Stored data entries
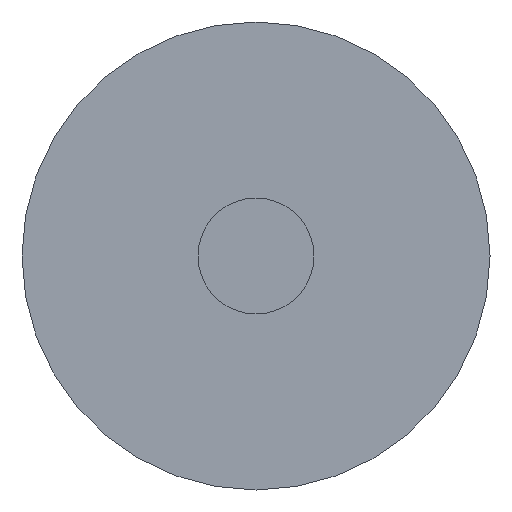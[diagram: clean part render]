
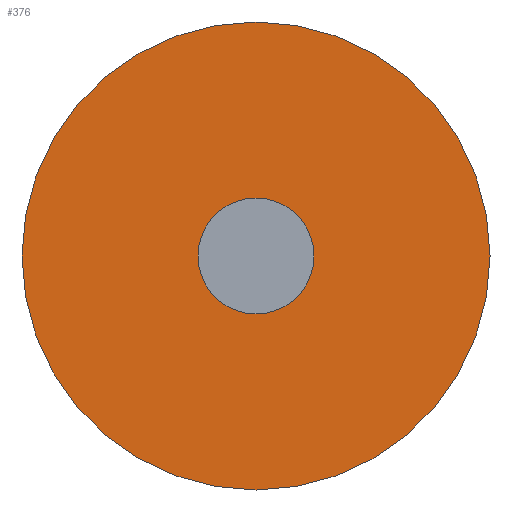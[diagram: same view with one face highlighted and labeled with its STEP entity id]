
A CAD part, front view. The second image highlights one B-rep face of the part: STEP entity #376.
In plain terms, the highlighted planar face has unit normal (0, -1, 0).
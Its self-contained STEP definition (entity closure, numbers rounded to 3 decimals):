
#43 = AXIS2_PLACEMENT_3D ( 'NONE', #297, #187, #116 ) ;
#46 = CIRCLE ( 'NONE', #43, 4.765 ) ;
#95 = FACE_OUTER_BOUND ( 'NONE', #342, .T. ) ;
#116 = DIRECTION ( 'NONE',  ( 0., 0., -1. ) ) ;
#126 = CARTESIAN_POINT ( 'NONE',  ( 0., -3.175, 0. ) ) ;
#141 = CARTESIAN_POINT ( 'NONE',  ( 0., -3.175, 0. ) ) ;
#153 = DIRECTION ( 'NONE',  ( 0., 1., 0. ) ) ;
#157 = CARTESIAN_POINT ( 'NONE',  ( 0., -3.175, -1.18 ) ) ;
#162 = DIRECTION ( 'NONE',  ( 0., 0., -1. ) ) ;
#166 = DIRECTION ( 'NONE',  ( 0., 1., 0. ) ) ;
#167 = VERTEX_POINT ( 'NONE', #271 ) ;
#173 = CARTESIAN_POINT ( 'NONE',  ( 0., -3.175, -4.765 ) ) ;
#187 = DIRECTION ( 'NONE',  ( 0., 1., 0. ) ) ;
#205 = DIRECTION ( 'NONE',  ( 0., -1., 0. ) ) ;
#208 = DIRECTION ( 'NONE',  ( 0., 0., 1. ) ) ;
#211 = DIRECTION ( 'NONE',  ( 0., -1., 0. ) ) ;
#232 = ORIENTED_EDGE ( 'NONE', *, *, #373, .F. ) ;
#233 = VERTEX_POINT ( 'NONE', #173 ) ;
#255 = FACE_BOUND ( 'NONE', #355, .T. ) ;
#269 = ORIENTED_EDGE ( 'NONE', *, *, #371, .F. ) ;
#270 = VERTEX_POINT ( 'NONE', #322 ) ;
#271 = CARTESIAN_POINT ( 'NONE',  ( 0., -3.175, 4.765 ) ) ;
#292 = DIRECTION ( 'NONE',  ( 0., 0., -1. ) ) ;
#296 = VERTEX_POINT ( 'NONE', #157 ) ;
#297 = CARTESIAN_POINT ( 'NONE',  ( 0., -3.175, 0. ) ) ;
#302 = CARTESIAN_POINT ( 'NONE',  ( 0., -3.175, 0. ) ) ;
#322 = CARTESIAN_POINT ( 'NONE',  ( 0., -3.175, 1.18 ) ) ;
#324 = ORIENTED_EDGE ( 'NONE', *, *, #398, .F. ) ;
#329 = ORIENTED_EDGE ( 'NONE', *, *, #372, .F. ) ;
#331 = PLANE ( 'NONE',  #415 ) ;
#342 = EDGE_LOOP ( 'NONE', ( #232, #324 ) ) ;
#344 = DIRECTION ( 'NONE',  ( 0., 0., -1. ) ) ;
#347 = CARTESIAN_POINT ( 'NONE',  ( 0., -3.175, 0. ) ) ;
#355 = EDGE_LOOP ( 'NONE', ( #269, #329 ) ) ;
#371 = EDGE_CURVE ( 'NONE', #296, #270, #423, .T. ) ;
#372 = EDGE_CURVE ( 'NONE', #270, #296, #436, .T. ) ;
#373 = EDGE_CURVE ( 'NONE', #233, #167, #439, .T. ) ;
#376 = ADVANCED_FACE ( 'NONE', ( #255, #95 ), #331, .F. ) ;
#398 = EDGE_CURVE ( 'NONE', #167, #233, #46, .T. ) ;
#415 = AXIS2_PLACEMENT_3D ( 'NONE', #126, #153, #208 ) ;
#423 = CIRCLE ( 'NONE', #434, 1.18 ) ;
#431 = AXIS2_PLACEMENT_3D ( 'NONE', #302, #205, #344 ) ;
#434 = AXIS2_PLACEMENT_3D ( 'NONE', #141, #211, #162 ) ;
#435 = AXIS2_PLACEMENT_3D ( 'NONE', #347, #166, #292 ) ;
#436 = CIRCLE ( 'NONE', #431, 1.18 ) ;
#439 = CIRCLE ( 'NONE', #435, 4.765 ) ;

_EXERCISE INSTRUCTIONS:_
Please repeat the records above exactly, leaving every picture out.

_THE COMPLETED TASK:_
[diagram: clean part render]
[diagram: same view with one face highlighted and labeled with its STEP entity id]
A CAD part, front view. The second image highlights one B-rep face of the part: STEP entity #376.
In plain terms, the highlighted planar face has unit normal (0, -1, 0).
Its self-contained STEP definition (entity closure, numbers rounded to 3 decimals):
#43 = AXIS2_PLACEMENT_3D ( 'NONE', #297, #187, #116 ) ;
#46 = CIRCLE ( 'NONE', #43, 4.765 ) ;
#95 = FACE_OUTER_BOUND ( 'NONE', #342, .T. ) ;
#116 = DIRECTION ( 'NONE',  ( 0., 0., -1. ) ) ;
#126 = CARTESIAN_POINT ( 'NONE',  ( 0., -3.175, 0. ) ) ;
#141 = CARTESIAN_POINT ( 'NONE',  ( 0., -3.175, 0. ) ) ;
#153 = DIRECTION ( 'NONE',  ( 0., 1., 0. ) ) ;
#157 = CARTESIAN_POINT ( 'NONE',  ( 0., -3.175, -1.18 ) ) ;
#162 = DIRECTION ( 'NONE',  ( 0., 0., -1. ) ) ;
#166 = DIRECTION ( 'NONE',  ( 0., 1., 0. ) ) ;
#167 = VERTEX_POINT ( 'NONE', #271 ) ;
#173 = CARTESIAN_POINT ( 'NONE',  ( 0., -3.175, -4.765 ) ) ;
#187 = DIRECTION ( 'NONE',  ( 0., 1., 0. ) ) ;
#205 = DIRECTION ( 'NONE',  ( 0., -1., 0. ) ) ;
#208 = DIRECTION ( 'NONE',  ( 0., 0., 1. ) ) ;
#211 = DIRECTION ( 'NONE',  ( 0., -1., 0. ) ) ;
#232 = ORIENTED_EDGE ( 'NONE', *, *, #373, .F. ) ;
#233 = VERTEX_POINT ( 'NONE', #173 ) ;
#255 = FACE_BOUND ( 'NONE', #355, .T. ) ;
#269 = ORIENTED_EDGE ( 'NONE', *, *, #371, .F. ) ;
#270 = VERTEX_POINT ( 'NONE', #322 ) ;
#271 = CARTESIAN_POINT ( 'NONE',  ( 0., -3.175, 4.765 ) ) ;
#292 = DIRECTION ( 'NONE',  ( 0., 0., -1. ) ) ;
#296 = VERTEX_POINT ( 'NONE', #157 ) ;
#297 = CARTESIAN_POINT ( 'NONE',  ( 0., -3.175, 0. ) ) ;
#302 = CARTESIAN_POINT ( 'NONE',  ( 0., -3.175, 0. ) ) ;
#322 = CARTESIAN_POINT ( 'NONE',  ( 0., -3.175, 1.18 ) ) ;
#324 = ORIENTED_EDGE ( 'NONE', *, *, #398, .F. ) ;
#329 = ORIENTED_EDGE ( 'NONE', *, *, #372, .F. ) ;
#331 = PLANE ( 'NONE',  #415 ) ;
#342 = EDGE_LOOP ( 'NONE', ( #232, #324 ) ) ;
#344 = DIRECTION ( 'NONE',  ( 0., 0., -1. ) ) ;
#347 = CARTESIAN_POINT ( 'NONE',  ( 0., -3.175, 0. ) ) ;
#355 = EDGE_LOOP ( 'NONE', ( #269, #329 ) ) ;
#371 = EDGE_CURVE ( 'NONE', #296, #270, #423, .T. ) ;
#372 = EDGE_CURVE ( 'NONE', #270, #296, #436, .T. ) ;
#373 = EDGE_CURVE ( 'NONE', #233, #167, #439, .T. ) ;
#376 = ADVANCED_FACE ( 'NONE', ( #255, #95 ), #331, .F. ) ;
#398 = EDGE_CURVE ( 'NONE', #167, #233, #46, .T. ) ;
#415 = AXIS2_PLACEMENT_3D ( 'NONE', #126, #153, #208 ) ;
#423 = CIRCLE ( 'NONE', #434, 1.18 ) ;
#431 = AXIS2_PLACEMENT_3D ( 'NONE', #302, #205, #344 ) ;
#434 = AXIS2_PLACEMENT_3D ( 'NONE', #141, #211, #162 ) ;
#435 = AXIS2_PLACEMENT_3D ( 'NONE', #347, #166, #292 ) ;
#436 = CIRCLE ( 'NONE', #431, 1.18 ) ;
#439 = CIRCLE ( 'NONE', #435, 4.765 ) ;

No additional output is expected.